上図の通り、場所は「本山」駅から徒歩5分、東山小の目の前に位置しており、「本山」駅周辺に住んでいる場合は利用しやすい立地だと思います。
公式ホームページはないので営業しているか不安でしたが、実際に行ってみるとしっかり営業していました。
今回初めて行ったのですが、店舗は昭和感たっぷりで、内部もどこか懐かしさを感じる雰囲気。
商品も、お菓子・アイス・文房具など、小中学生に必要なものが沢山置いてありました。
毎回言っている気がしますが、小学生低学年の頃からこういうお店にお小遣いを握りしめて買いに行く、という経験は大事だと思うんですよね。
保育環境:私立幼稚園やインターナショナルスクールが充実
「本山」駅周辺には私立幼稚園・インターナショナルプリスクールが充実しています。
バス通園や車での送迎なども視野に入れると、かなり選択肢が多くなります。
特に、インターナショナルプリスクールが複数あることから、やはり教育意識が高いエリアのようです。
【私立幼稚園】
【インターナショナルプリスクール】
私立幼稚園については数が多く、椙山のような超名門校付属の幼稚園があるなど選択肢が多いことが特徴。
園名には記載されていませんが、聖マリア幼稚園もモンテッソーリ教育を取り入れている園です。

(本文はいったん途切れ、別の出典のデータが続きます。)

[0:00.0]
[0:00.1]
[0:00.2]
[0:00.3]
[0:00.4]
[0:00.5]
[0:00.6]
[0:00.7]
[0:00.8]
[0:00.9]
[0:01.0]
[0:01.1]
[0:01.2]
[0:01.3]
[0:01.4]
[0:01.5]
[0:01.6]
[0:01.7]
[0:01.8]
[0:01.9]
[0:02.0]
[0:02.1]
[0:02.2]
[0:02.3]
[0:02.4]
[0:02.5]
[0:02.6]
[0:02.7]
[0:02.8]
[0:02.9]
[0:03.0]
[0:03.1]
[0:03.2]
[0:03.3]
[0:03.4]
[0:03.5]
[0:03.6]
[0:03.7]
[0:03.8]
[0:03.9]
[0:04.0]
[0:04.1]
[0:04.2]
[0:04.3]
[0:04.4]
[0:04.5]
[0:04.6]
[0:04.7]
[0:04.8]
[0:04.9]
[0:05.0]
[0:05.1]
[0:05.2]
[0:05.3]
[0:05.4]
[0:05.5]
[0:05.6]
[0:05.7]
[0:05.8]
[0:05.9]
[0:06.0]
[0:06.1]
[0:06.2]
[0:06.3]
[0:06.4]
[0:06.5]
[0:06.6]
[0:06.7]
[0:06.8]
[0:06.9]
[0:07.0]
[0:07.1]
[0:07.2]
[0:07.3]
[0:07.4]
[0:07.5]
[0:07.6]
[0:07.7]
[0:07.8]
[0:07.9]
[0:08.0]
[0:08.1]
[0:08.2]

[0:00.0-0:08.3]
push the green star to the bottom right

マリア幼稚園は徒歩通園のため、可愛らしい制服を着た園児に四谷通で出会うことも多いでしょう。
また、城山学院幼稚園はピカチュウデザインの園バスと言えば思い当たる方もいるのではないでしょうか。
なお、園バスの運行が明記されているのが城山学院幼稚園と若竹幼稚園の2園しかないことは頭に入れておいた方が良いかもしれません。

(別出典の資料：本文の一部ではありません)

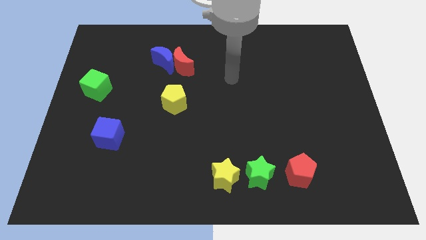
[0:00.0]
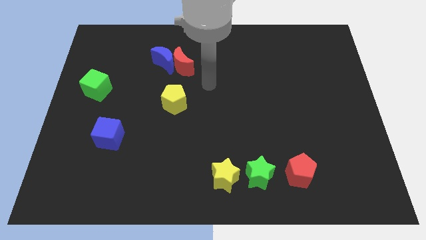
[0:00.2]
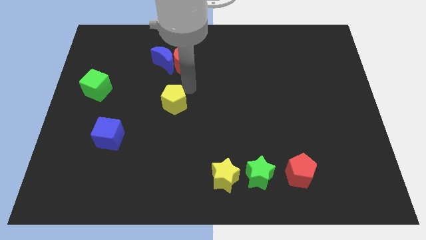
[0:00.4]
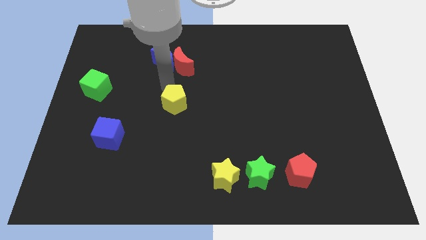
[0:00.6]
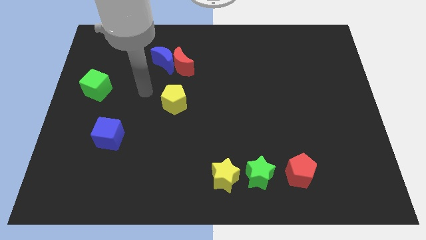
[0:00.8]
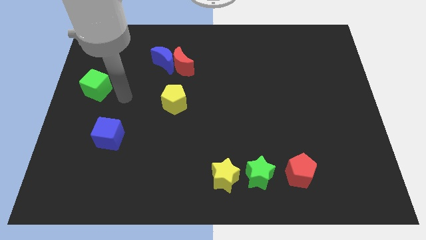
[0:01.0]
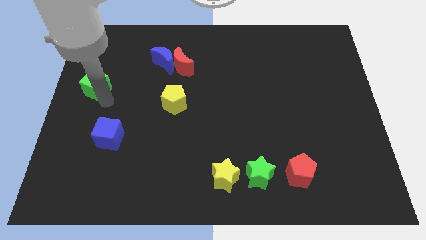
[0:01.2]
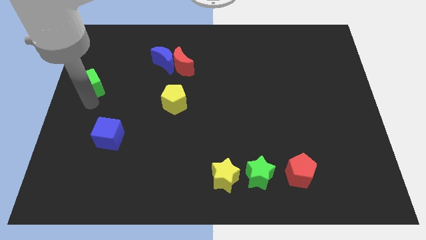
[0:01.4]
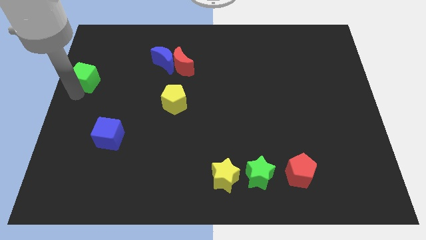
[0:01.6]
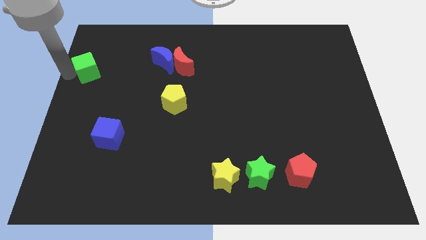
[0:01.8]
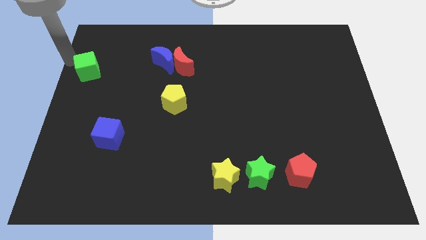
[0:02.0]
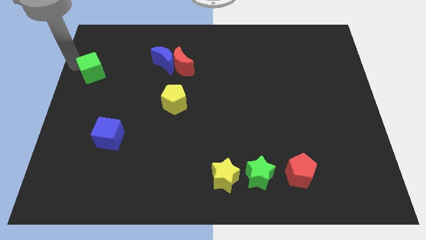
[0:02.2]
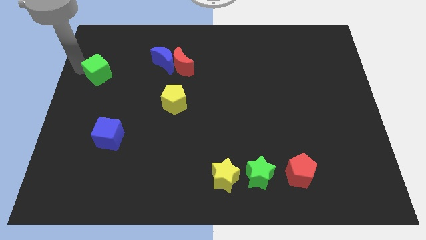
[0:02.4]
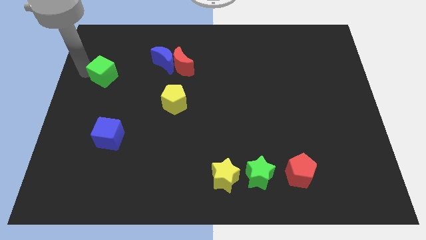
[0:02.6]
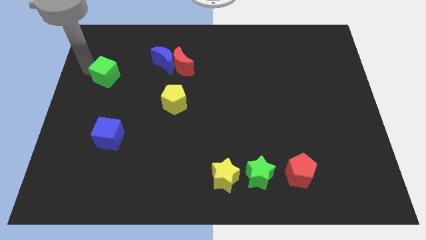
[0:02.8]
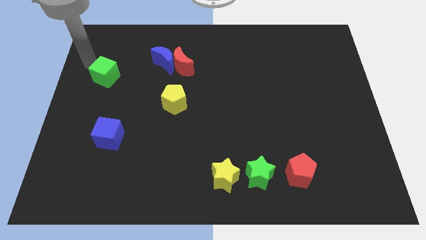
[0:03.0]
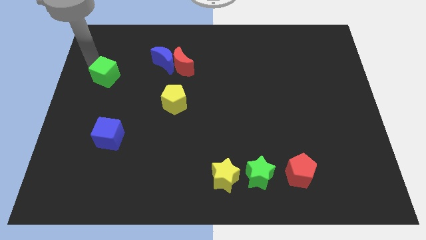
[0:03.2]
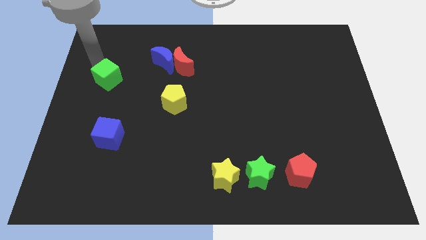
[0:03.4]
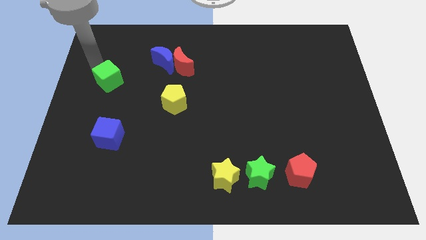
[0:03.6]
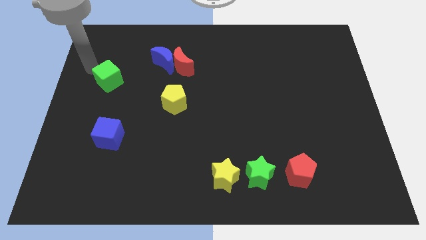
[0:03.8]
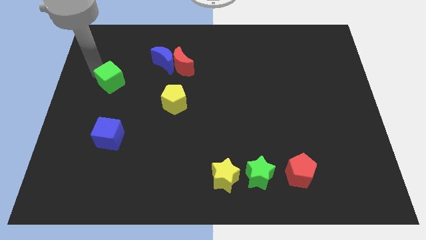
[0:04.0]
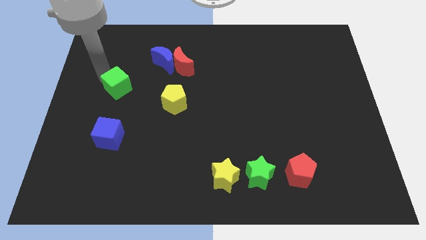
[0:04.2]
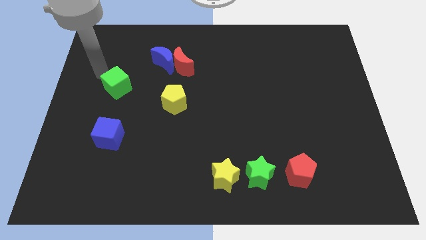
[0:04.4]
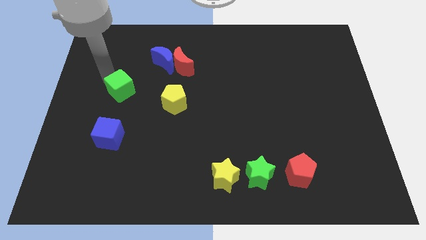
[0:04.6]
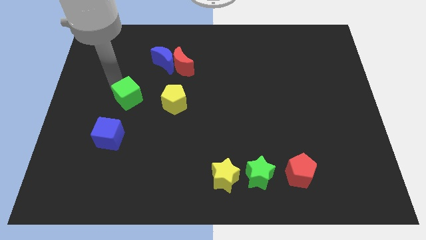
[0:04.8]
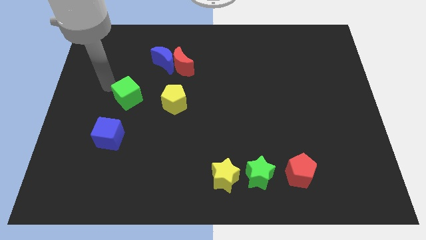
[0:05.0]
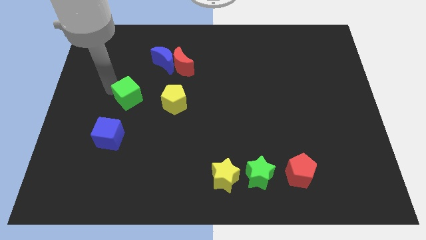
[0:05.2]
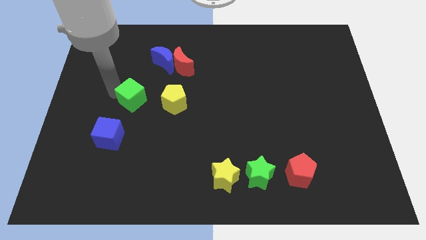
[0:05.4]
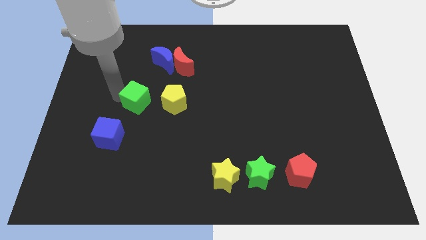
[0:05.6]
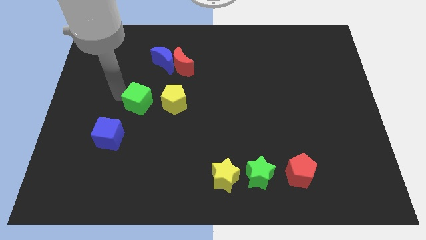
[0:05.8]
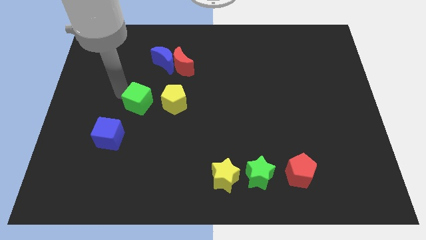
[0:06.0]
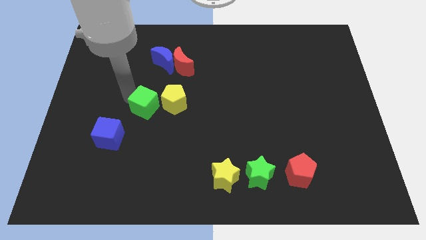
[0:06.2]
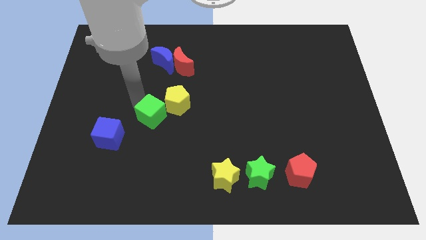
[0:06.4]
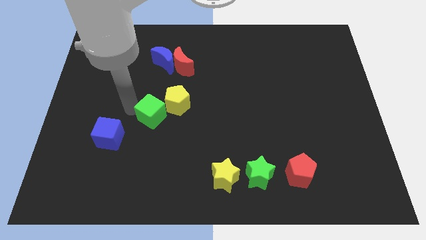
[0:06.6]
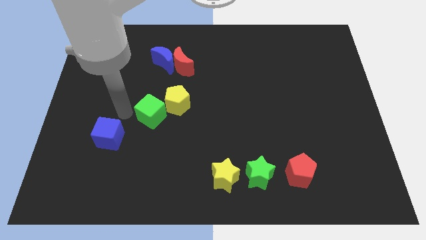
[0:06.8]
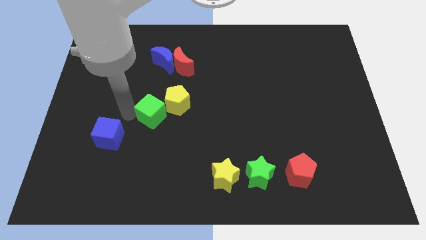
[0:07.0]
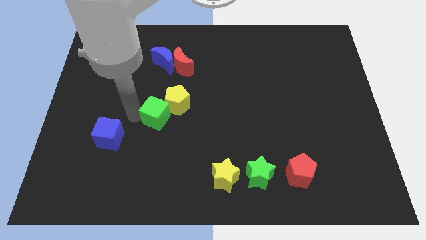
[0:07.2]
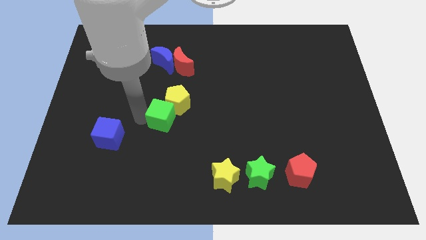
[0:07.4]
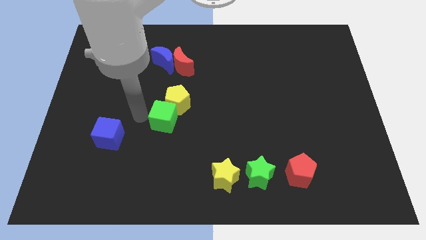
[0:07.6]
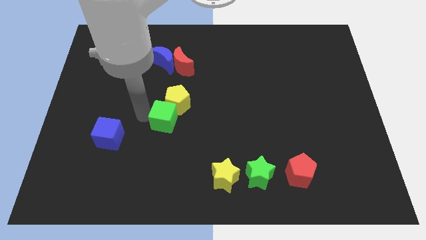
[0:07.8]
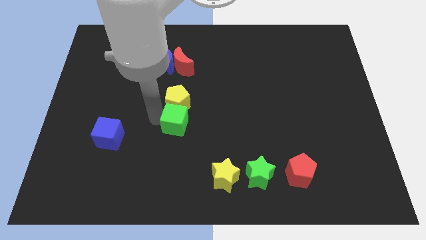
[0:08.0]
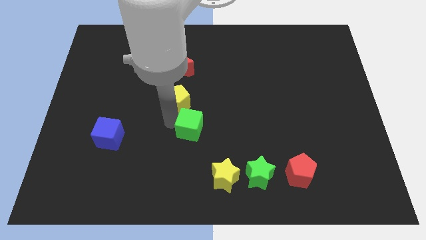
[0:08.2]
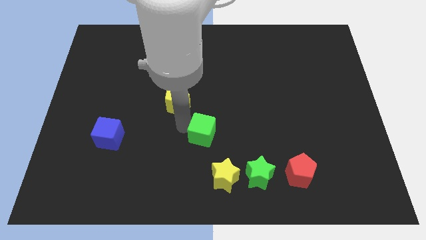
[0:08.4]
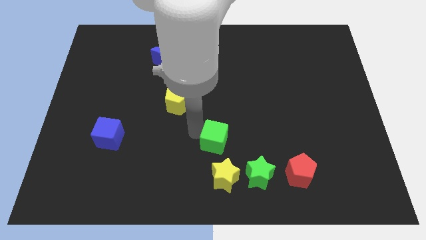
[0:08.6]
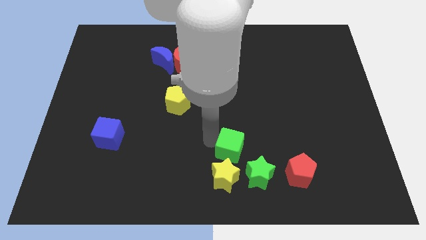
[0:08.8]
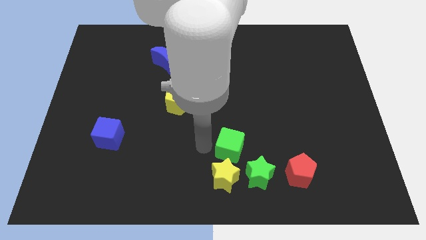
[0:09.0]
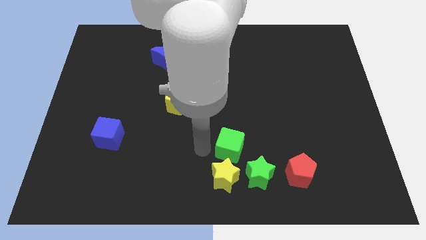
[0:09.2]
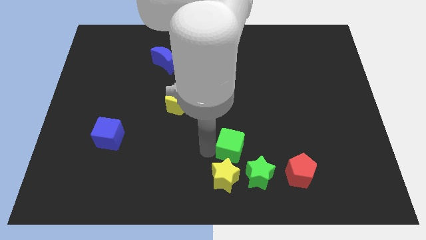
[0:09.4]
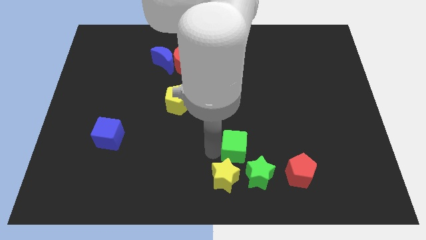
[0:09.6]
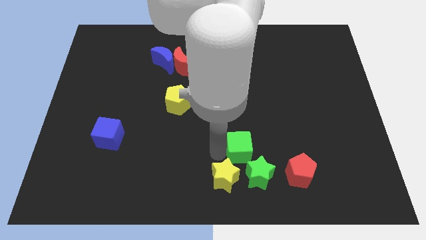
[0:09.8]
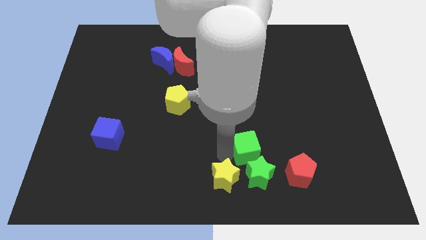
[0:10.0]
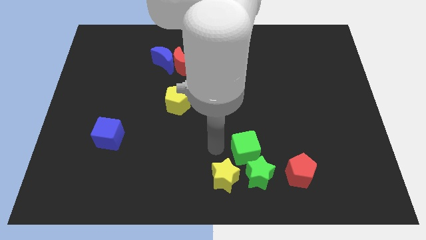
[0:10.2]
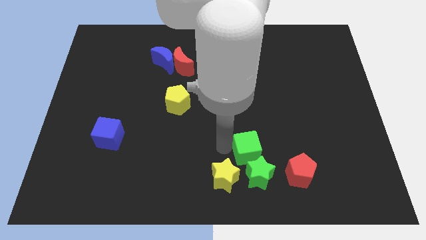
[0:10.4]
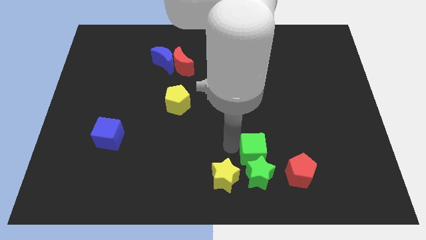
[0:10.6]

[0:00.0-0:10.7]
move the green cube to the top right side of the green star

また、保育園やこども園も複数揃っており、未就学児の教育、保育という点で困ることはないでしょう。
なお、千種区の保育園、こども園の情報はこちらから一覧で確認が可能です。
千種区内の保育所マップも用意されており、見やすくなっています。
学習環境:幼稚園から大学までさまざまな教育機関や学習塾が充実
「本山」駅周辺の学習環境は比較的充実しており、隣駅もしくは駅から1-2km圏内に様々な施設があるため、地下鉄または自転車で容易に通うことが可能。
大学受験期も東山線沿線のため千種や名古屋駅といった大手塾がある駅まで乗換ナシで行けるのは大きな強みです。
また、近隣駅の覚王山駅や星ヶ丘駅には、名古屋の名門女子大御三家「SSK」の一角である「椙山女学園」の校舎が点在。大通りから見える椙山中高の校舎群は存在感があります。
さらに、椙山以外の学校も多く、椙山女学園大学の隣には偏差値や進学実績で常に上位に入っている菊里高校、進学すると名古屋ではヒーロー扱いされる名古屋大学、それ以外にも愛知学院大学、愛知工業大学のキャンパスがあるなど、様々な教育施設があります。
公文式
早期教育でよく名前が挙がる公文式ですが、以下のマップの通り、「本山」駅周辺には複数の教室があります。
田代小学区(水色)の北東部が若干少ない気がしますが、それでもそれなりの密度で教室があるため徒歩~自転車で通うことが可能だと思います。
中学受験
中学受験を考えた場合、東海地区では一般的に大手4塾(日能研/名進研/浜学園/馬渕教室)のどこかに通うケースがほとんどです。
「本山」駅周辺は名古屋で中学受験をする環境としてはかなり恵まれていると言って良いと思います。
- 大手4塾のうち浜学園以外の3塾が揃っている
- 名進研と馬渕教室の本山校は上位クラス(Sクラス/SSSTクラス)が設置されている
- 国立中対策のマイシフト、老舗の西塾もあり、大手4塾以外も選択肢が豊富
- 日能研は東山公園駅、一社駅にも教室がある
このように、大手だけでなくそれ以外の選択肢もあるため、お子さんの特性に合った塾選びができそうですね。
高校受験
「本山」駅周辺の大手高校受験塾の状況は以下の通り。
中学受験塾のように、かなり充実している!という感じではないですが、「本山」駅及び隣駅周辺に豊富な種類の塾が用意されているので自分に合った塾を探せるでしょう。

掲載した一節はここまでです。